Pour conclure, aujourd’hui les besoins concernant la standardisation et la régulation de l’intelligence artificielle sont clairement exprimés, notamment pour permettre d’implémenter réellement et plus largement ces systèmes automatisés dans la société. En IA la standardisation n’a pas vocation à détruire l’innovation, mais seulement à instaurer un cadre de confiance pour faciliter les déploiements. Actuellement, des standards internationaux sont développés concernant les technologies d’IA, notamment au sein de l’ISO avec les standards de la série 24029 (9).
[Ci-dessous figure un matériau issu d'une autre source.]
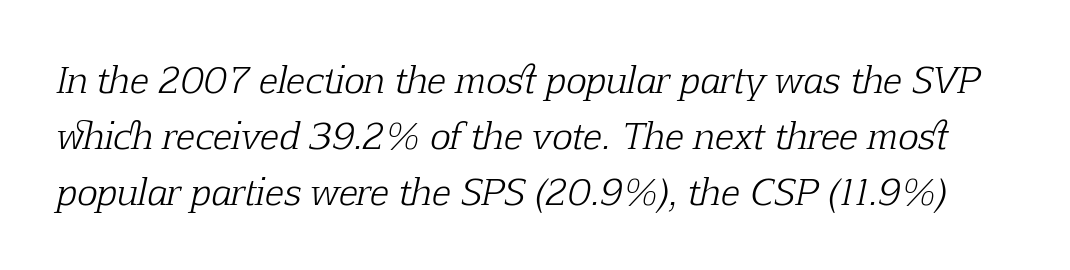
The image shows 35 px light serif type, italic (leaning right); set normal line spacing (1.6x), normal letter spacing, not underlined; low stroke contrast and a medium x-height.
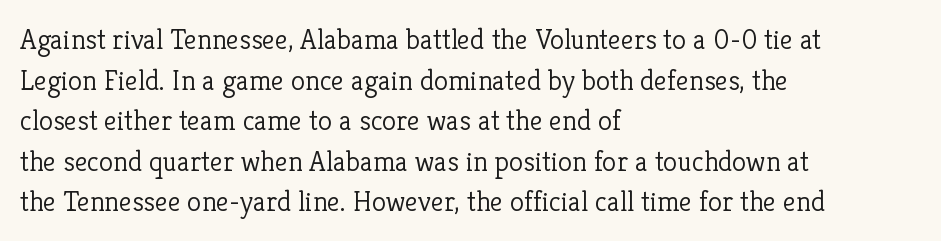
Q: Is the text bold? A: No.
Q: Is the text italic (slanted)? A: No, it is upright.
Q: Is the typeface a serif or a sans-serif typeface? A: Serif.
Q: Is the text underlined? A: No.
Q: How is the paragraph aligned? A: Left-aligned.
Q: Is the spacing between letters normal or unusually wide? A: Normal.
Q: Is the spacing between lines tight, normal or loose? A: Normal.
Q: Width (condensed, normal, or wide)? A: Normal.
Q: Stroke contrast? A: Low.
Q: x-height? A: Medium.
Q: Monospaced? A: No.
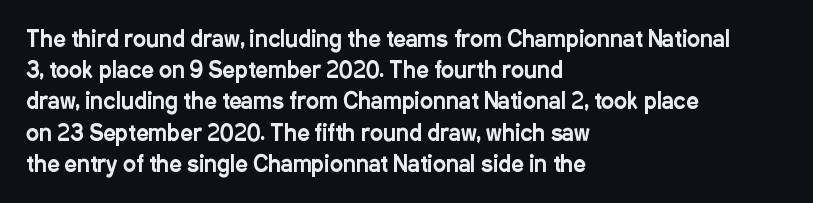
{"italic": "no", "underline": "no", "align": "left", "line_spacing": "normal", "line_spacing_ratio": 1.42, "letter_spacing": "normal", "letter_spacing_em": 0.0, "glyph_px": 22}
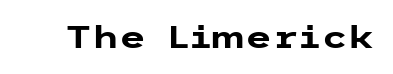
The image shows 31 px heavy, wide sans-serif type, upright; set normal letter spacing, not underlined; low stroke contrast and a medium x-height.
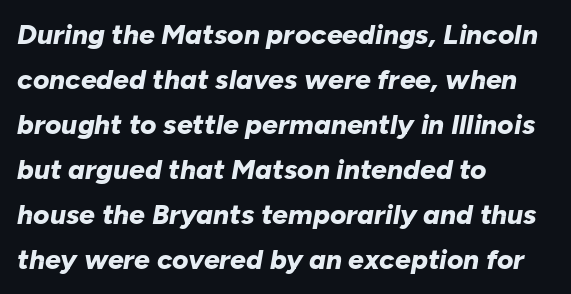
{"italic": "yes", "lean": "right", "slant_degrees": 10, "bold": "yes", "weight": "bold", "width": "normal", "stroke_contrast": "low", "x_height": "medium", "monospaced": "no", "underline": "no", "align": "left", "line_spacing": "normal", "line_spacing_ratio": 1.61, "letter_spacing": "normal", "letter_spacing_em": 0.0, "glyph_px": 28}
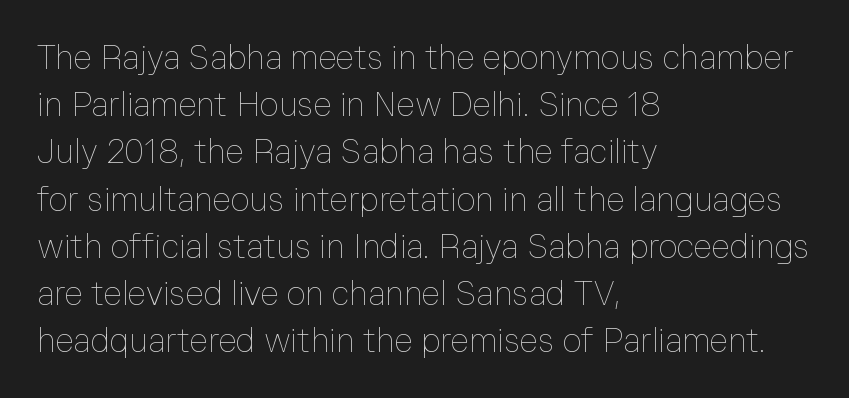
The image shows 33 px thin type, upright; set left-aligned, normal line spacing (1.43x), normal letter spacing, not underlined; low stroke contrast and a medium x-height.
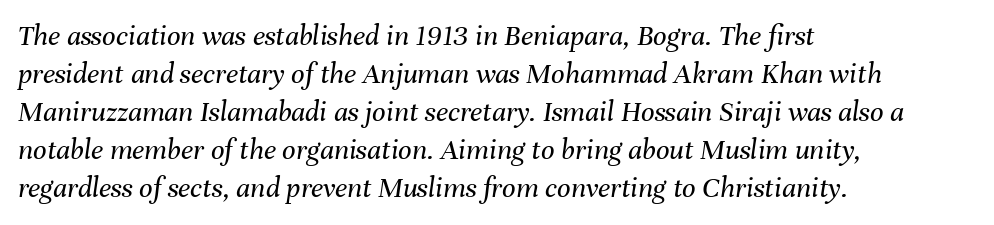
Q: Is the text bold? A: No.
Q: Is the text italic (slanted)? A: Yes, it leans right by about 8 degrees.
Q: Is the text underlined? A: No.
Q: How is the paragraph aligned? A: Left-aligned.
Q: Is the spacing between letters normal or unusually wide? A: Normal.
Q: Is the spacing between lines tight, normal or loose? A: Normal.
Q: Width (condensed, normal, or wide)? A: Normal.
Q: Stroke contrast? A: Medium.
Q: x-height? A: Medium.
Q: Monospaced? A: No.
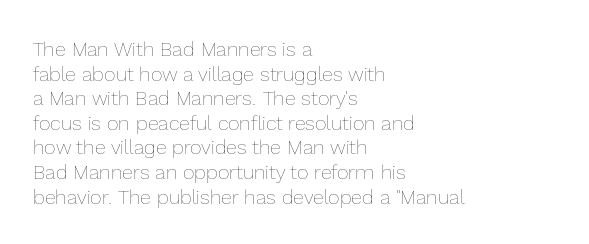
{"italic": "no", "bold": "no", "underline": "no", "align": "left", "line_spacing_ratio": 1.23, "letter_spacing": "normal", "letter_spacing_em": 0.0, "glyph_px": 20}
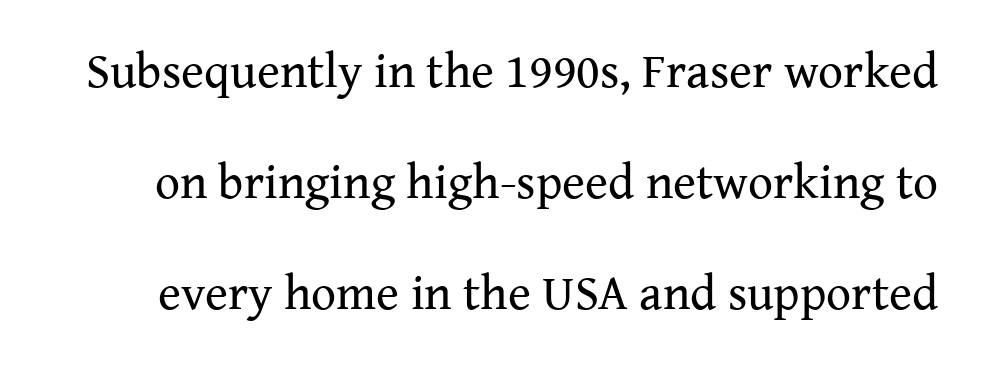
Posture: vertical. Check where the strokes stop: tiny serifs finish them off. Interline gaps are noticeably wide in this sample. Type without underlining. Weight: not bold — regular or lighter. Honestly, the letter spacing is just normal — you wouldn't notice it.

L’Europe développe également son cadre, un peu dans le même principe que pour le règlement RGPD, qui se prénomme AI-Act et qui sera notamment basé sur ces mêmes standards ISO. Les initiatives pour la régulation de l’IA se développent de plus en plus et devraient pour beaucoup arriver à échéance autour de 2025. Par exemple, dernièrement, l’UE vient d’adopter deux propositions concernant les aspects de responsabilité des IA, facilitant les actions juridiques en cas de litige (10).